In a philosophy class, moral questions take the form of canonical examples like the trolley dilemma. But in real life, ethics shows up much more subtly, in everything from choosing a school for your kid to deciding where to go on vacation. So it’s hard to see how ethically tinged questions could be neatly cordoned off from everything else.

Instead, some philosophers think we should ideally have AI that acts like Socrates. The Ancient Greek philosopher famously asked his students and colleagues question after question as a way to expose underlying assumptions and contradictions in their beliefs. A Socratic AI wouldn’t tell you what to believe; it would just help identify the morally salient features of your situation and ask you questions that help you clarify what you believe.

“Personally, I like that approach,” said Matthias Uhl, one of the co-authors on the ChatGPT study. “The Socratic approach is actually what therapists do as well.
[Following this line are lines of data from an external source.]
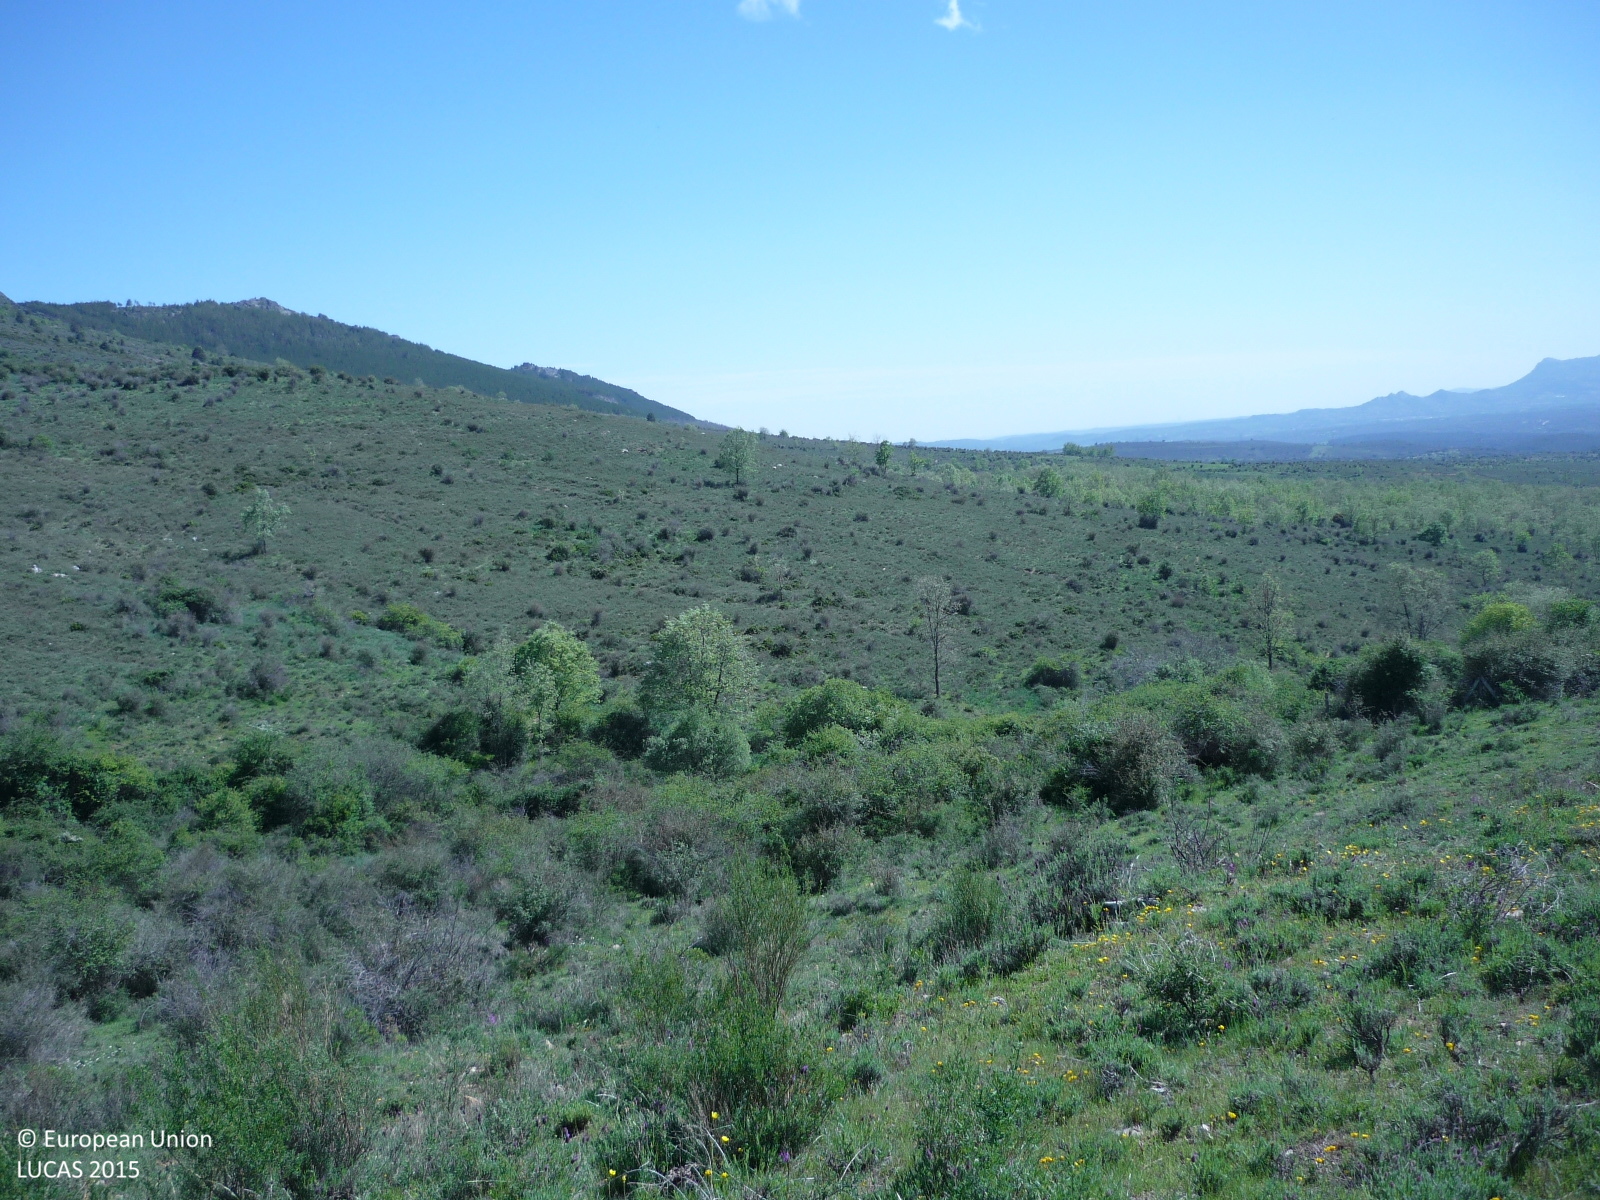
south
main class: Shrubland
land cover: Shrubland without tree cover
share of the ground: 50 - 75 %
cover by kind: shrubs 70 %, unconsolidated bare surface 30 %
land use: Semi-natural and natural areas not in use
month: May
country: ES
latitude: 41.0119
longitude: -3.5146

They say, ‘I’m not giving you the answers, I’m just helping you to ask the right questions.’ But even a Socratic algorithm can have a huge influence because the questions it asks can lead you down certain tracks. You can have a manipulative Socrates.”

To address that concern and make sure we’re accessing a truly pluralistic marketplace of ideas, Volkman and Gabriel suggest that we should have not one, but multiple Socratic AIs available to advise us. “The total system might include not only a virtual Socrates but also a virtual Epictetus, a virtual Confucius,” they write. “Each of these AI mentors would have a distinct point of view in ongoing dialogue with not only the user but also potentially with each other.” It would be like having a roomful of incredibly well-read and diverse friends at your fingertips, eager to help you 24/7.

Except, they would be unlike friends in one meaningful way. They would not be human. They would be machines that have read the whole internet, the collective hive mind, and that then function as interactive books. At best, they would help you notice when some of your intuitions are clashing with some of your moral principles, and guide you toward a resolution.

There may be some usefulness in that. But remember: Machines don’t know what it is to experience your unique set of circumstances. So although they might augment your thinking in some ways, they can’t replace your human moral intuition.